С одной стороны, формалисты посвящали свои работы ведущим поэтам той поры. Так, статья Тынянова «Промежуток» (1924) при републикации в книге «Архаисты и новаторы» (Л., 1929) была снабжена посвящением Пастернаку. С другой стороны, как показал Я. С. Левченко [Левченко, 2012: 68–79], посредством посвящений формалисты создавали единую систему координат для восприятия идей, выдвинутых каждым из них по отдельности. Включая в состав «Архаистов и новаторов» статьи «Литературный факт» (1924) и «О литературной эволюции» (1927), Тынянов посвящает первую Шкловскому, а вторую – Эйхенбауму.

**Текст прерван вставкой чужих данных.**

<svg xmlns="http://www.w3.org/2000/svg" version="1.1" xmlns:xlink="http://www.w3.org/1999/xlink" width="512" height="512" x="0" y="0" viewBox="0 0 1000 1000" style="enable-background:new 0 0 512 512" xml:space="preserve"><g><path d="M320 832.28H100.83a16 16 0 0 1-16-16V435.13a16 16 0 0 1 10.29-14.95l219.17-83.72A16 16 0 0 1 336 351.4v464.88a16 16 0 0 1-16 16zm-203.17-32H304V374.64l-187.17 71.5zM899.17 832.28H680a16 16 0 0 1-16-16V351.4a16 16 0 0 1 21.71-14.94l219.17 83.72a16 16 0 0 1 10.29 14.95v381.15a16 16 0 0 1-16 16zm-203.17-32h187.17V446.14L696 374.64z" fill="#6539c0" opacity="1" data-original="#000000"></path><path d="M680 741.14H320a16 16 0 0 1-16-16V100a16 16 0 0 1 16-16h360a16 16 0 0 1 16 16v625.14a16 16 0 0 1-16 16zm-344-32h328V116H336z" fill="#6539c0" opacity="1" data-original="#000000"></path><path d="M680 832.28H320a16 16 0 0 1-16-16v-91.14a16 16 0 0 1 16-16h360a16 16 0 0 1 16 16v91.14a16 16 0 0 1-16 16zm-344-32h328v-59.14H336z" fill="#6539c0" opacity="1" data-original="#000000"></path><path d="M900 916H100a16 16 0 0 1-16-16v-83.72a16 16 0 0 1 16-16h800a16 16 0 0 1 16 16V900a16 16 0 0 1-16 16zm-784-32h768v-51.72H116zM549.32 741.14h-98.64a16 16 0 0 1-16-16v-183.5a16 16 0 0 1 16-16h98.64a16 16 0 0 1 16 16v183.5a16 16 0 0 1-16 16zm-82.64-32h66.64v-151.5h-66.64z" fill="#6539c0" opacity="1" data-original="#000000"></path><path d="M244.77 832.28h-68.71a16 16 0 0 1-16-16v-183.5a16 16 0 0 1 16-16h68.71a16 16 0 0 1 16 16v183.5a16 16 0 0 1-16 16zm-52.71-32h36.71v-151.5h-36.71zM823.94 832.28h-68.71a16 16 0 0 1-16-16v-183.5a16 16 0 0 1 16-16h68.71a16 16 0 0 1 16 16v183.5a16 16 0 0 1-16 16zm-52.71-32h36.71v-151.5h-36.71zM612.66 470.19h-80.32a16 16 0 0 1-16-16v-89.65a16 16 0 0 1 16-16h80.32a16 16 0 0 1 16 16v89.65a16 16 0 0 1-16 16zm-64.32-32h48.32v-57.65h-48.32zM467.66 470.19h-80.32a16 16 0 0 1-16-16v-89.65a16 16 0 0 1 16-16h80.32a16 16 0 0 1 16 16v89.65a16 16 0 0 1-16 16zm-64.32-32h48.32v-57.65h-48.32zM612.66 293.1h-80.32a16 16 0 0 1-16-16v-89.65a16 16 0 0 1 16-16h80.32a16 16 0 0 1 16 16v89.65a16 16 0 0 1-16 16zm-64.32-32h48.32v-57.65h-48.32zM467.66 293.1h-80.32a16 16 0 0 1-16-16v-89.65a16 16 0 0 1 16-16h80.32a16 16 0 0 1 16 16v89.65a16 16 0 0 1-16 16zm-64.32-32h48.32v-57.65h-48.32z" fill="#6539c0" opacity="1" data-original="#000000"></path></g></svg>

Посвящения «превращают эти программные тексты в зашифрованные послания друзьям и коллегам, в которых одна и та же проблема рассматривается с близких им точек зрения» [Там же: 70].
Интересно было бы исследовать, в какой степени практика участия в научных кружках повлияла на теоретические взгляды формалистов как исследователей сходных структурно-организационных явлений в истории русской культуры. Эйхенбаум явился автором концепций «литературного быта» и «литературной домашности». У младоформалистов излюбленным предметом изучения стали кружки. Книга М. И. Аронсона и С. А. Рейсера «Литературные кружки и салоны» (Л., 1929) вышла под редакцией и с предисловием Эйхенбаума и под грифом «Трудов семинария Б. М. Эйхенбаума по изучению литературного быта» при ГИИИ. Статья Эйхенбаума «Литературная домашность», опубликованная в его «Временнике» [Эйхенбаум, 1929: 82–86], была одновременно напечатана в качестве предисловия к этому изданию (с. 3–7). С другой стороны, Я. С. Левченко убедительно продемонстрировал, что эйхенбаумовская концепция «литературного быта» была ответом на «новый вызов литературной современности: не как писать, а как быть писателем» [Левченко, 2012: 175], а сама эта проблема могла быть подсказана Эйхенбауму фигурой Шкловского, ведь Шкловский, по мнению Эйхенбаума, – «не только писатель, но и особая фигура писателя» ([Эйхенбаум, 1929: 131]; см. также: [Pilshchikov, 2012/14]).
Для понимания формализма как сообщества принципиально не упускать из виду внутриформалистические конфликты, разногласия и кризисы. На праздновании 5-летия Московского лингвистического кружка (29 февраля 1920 года) один из его основателей – А. А. Буслаев – использовал главный политический термин того времени для определения целей МЛК: «главная задача Кружка – методологическая революция» [Якобсон, 1996: 363]. Шкловский и Тынянов описывают литературные явления в терминах борьбы (жанров, направлений и т. д.). Та же метафорика у Эйхенбаума:
Так называемый «формальный метод» образовался не в результате создания особой «методологической» системы, а в процессе борьбы за самостоятельность и конкретность литературной науки [Эйхенбаум, 1927: 116].
В текстах Якобсона обычна репрезентация филологических споров как боев и сражений, а теории «непротивления формы материалу» он противопоставлял «теорию организованного насилия поэтической формы над языком» [Якобсон, 1923: 16], переиначивая толстовские формулировки («непротивление злу насилием», «организованное насилие есть правительство»[49]), с которыми спорил Троцкий («Толстой», 1910):
В отличие от Толстого, мы говорим и учим: организованное насилие меньшинства можно разрушить только организованным восстанием большинства [Троцкий, 1926: 261].
Впрочем, в 1910-е и 1920-е годы о государстве как «организованном насилии» не писал только ленивый.
С. Н. Зенкин замечает:
Русский формализм, как и вообще культура авангарда, развивался в контакте с идеологией коммунистического государства и разделял некоторые ее ценности, однако занимал более ответственную, а потому нередко и конфликтную позицию по отношению к ее концепциям [Зенкин, 212: 308].
Хотя не вполне ясно, на каком основании исследователь сравнивает ответственность формалистов за свои ценности с (без)ответственностью коммунистического государства (resp. большевистского правительства), характерно само сравнение «формальной школы» с государством, сообщающее ей отчетливую коллективную идентичность, причем идентичность политизированную.